They is alot of work involved and if you don't know... what you are doing...you can either kill off the hive... or you can get stung big time..... 




Anything more you want to know? LOL


----------



## Sunny Daze (May 18, 2010)

I have been wanting to get some hives going too! And Pam, you make it sound like SO much fun! LOL I am going to try and find a bee keeper or bee club near by where perhaps I can learn first. I do have a "bee keeping for dummies" book but even after reading that I think it would be helpful to see it all first hand!


----------



## toth boer goats (Jul 20, 2008)

> I have been wanting to get some hives going too! And Pam, you make it sound like SO much fun! LOL I am going to try and find a bee keeper or bee club near by where perhaps I can learn first. I do have a "bee keeping for dummies" book but even after reading that I think it would be helpful to see it all first hand!


 :laugh: 
Well... with 100+ hives... it was alot of work.......... with 1 or 2 ....it would be easy.... but... if you are going to care for them yourself...I would get all the gear....and yes ...learning from a bee keeper..is the best a safest way.... I highly recommend it ...... There are some bee keepers... that are so good with the bees.... they will not where the suit...............for me ...I rather wear one....as the little bees ...somehow... can find an opening anyway... in those suits and come in.... and still sting you..... The suits are so hot and miserable to wear... in the summer.....


----------



## Mully (Jun 23, 2009)

I raise bees and the best thing i did was join a bee club. Look in your area for a club neat you ... look here http://www.beesource.com/forums/. Also look here for an idea on equipment and also look around there site for free on line videos that are extremely informative. This will give you an idea what you are getting into.


----------



## Mully (Jun 23, 2009)

Forgot to give you the site ....http://www.brushymountainbeefarm.com/


----------



## OhCee (Feb 26, 2010)

Thanks very much, Pam and Mully! I will definitely look into those sites... So does that smoke stuff not work to keep them from stinging?

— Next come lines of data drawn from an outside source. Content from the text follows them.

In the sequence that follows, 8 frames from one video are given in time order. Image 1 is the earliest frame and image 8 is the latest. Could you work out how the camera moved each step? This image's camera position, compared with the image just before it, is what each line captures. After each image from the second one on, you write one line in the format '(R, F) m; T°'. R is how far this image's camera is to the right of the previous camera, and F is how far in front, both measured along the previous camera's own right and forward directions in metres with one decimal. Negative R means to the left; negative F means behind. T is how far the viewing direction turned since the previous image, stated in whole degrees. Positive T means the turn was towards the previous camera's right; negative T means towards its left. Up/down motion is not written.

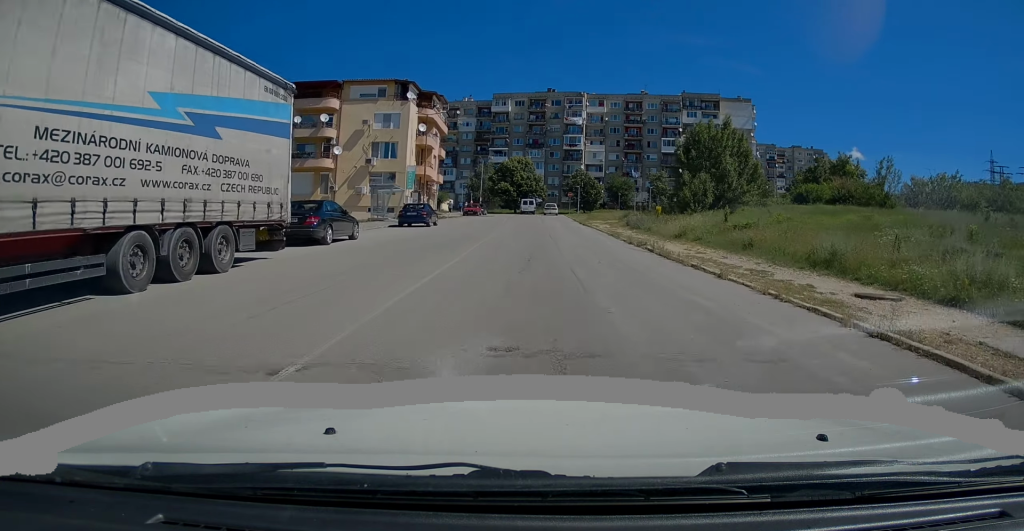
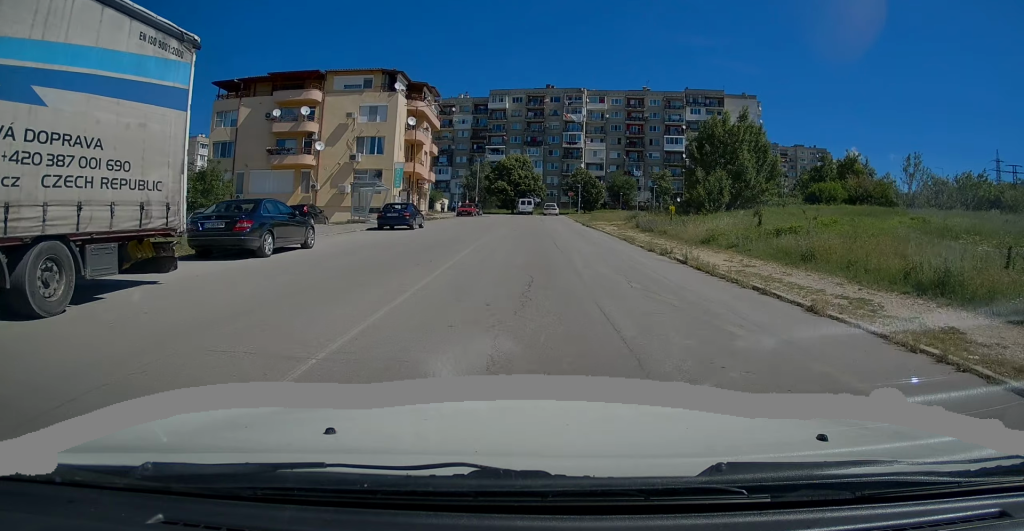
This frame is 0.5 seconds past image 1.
(-0.2, +4.6) m; -2°
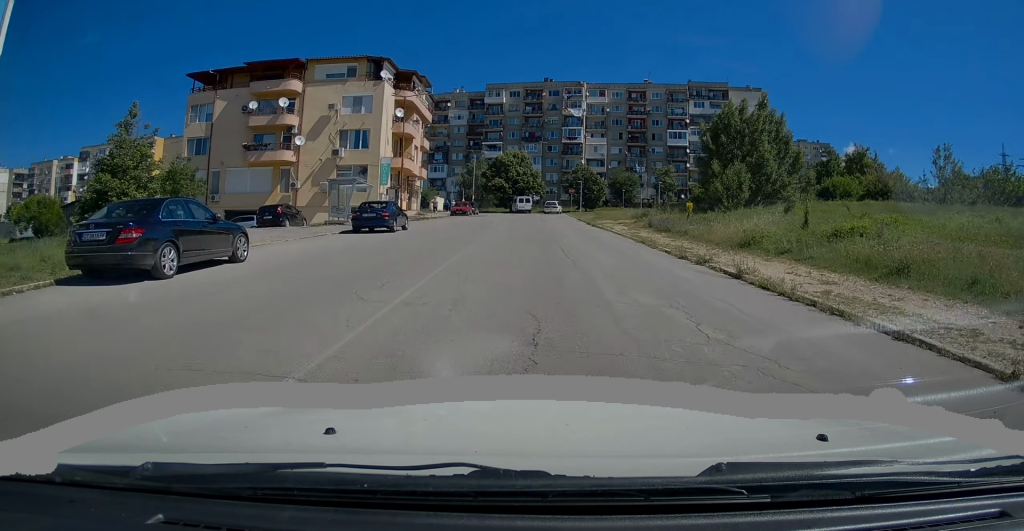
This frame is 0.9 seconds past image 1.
(-0.1, +4.4) m; 0°
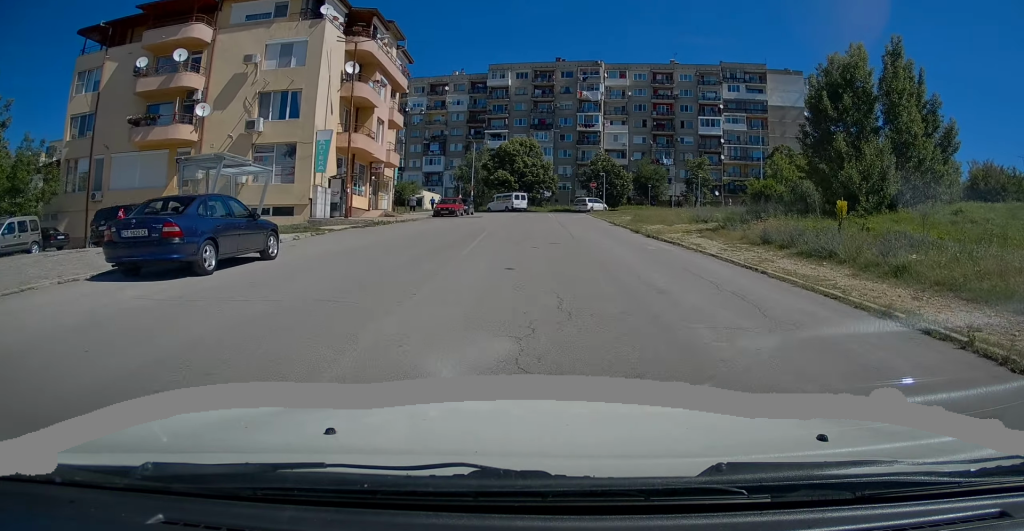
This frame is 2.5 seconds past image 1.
(0.0, +16.3) m; 0°
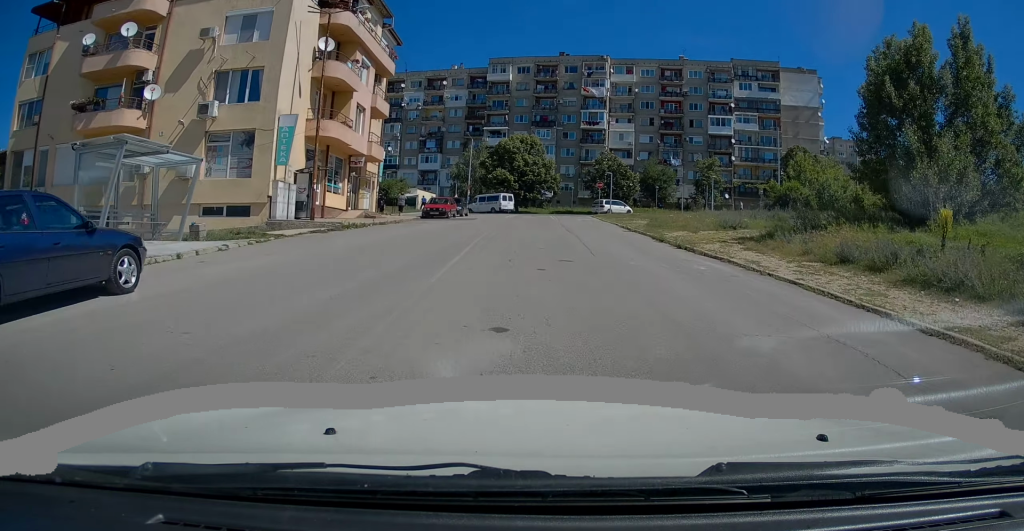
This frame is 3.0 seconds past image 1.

Tim and I are going to work on being self-sustainable once we get everything going on the property. Honey as a sugar substitute would really help us with that goal  We've tested our Quinoa seeds and they are growing great down here in the desert, so can't wait to see what happens when we plant up in actual elevation like they are typically in  Then the goats for milk and we'll probably get meat goats running too in a while. Our neighbor across the creek sells eggs, so I think we'll work out a trade of sorts  Good times.

I'm leaving tomorrow hopefully, if a truck part that we need comes in. Then I'll be at Allison's place in a couple days


----------



## toth boer goats (Jul 20, 2008)

You are very welcome... :thumb: 

The smoker does calm them down a bit.... but they still can sting... if they want to..... especially if you accidently rub them the wrong way.... :wink: 

Sounds like... you have the right idea .... having nature help produce natural things..... way to go ..... :thumb: :hi5: :hug:


----------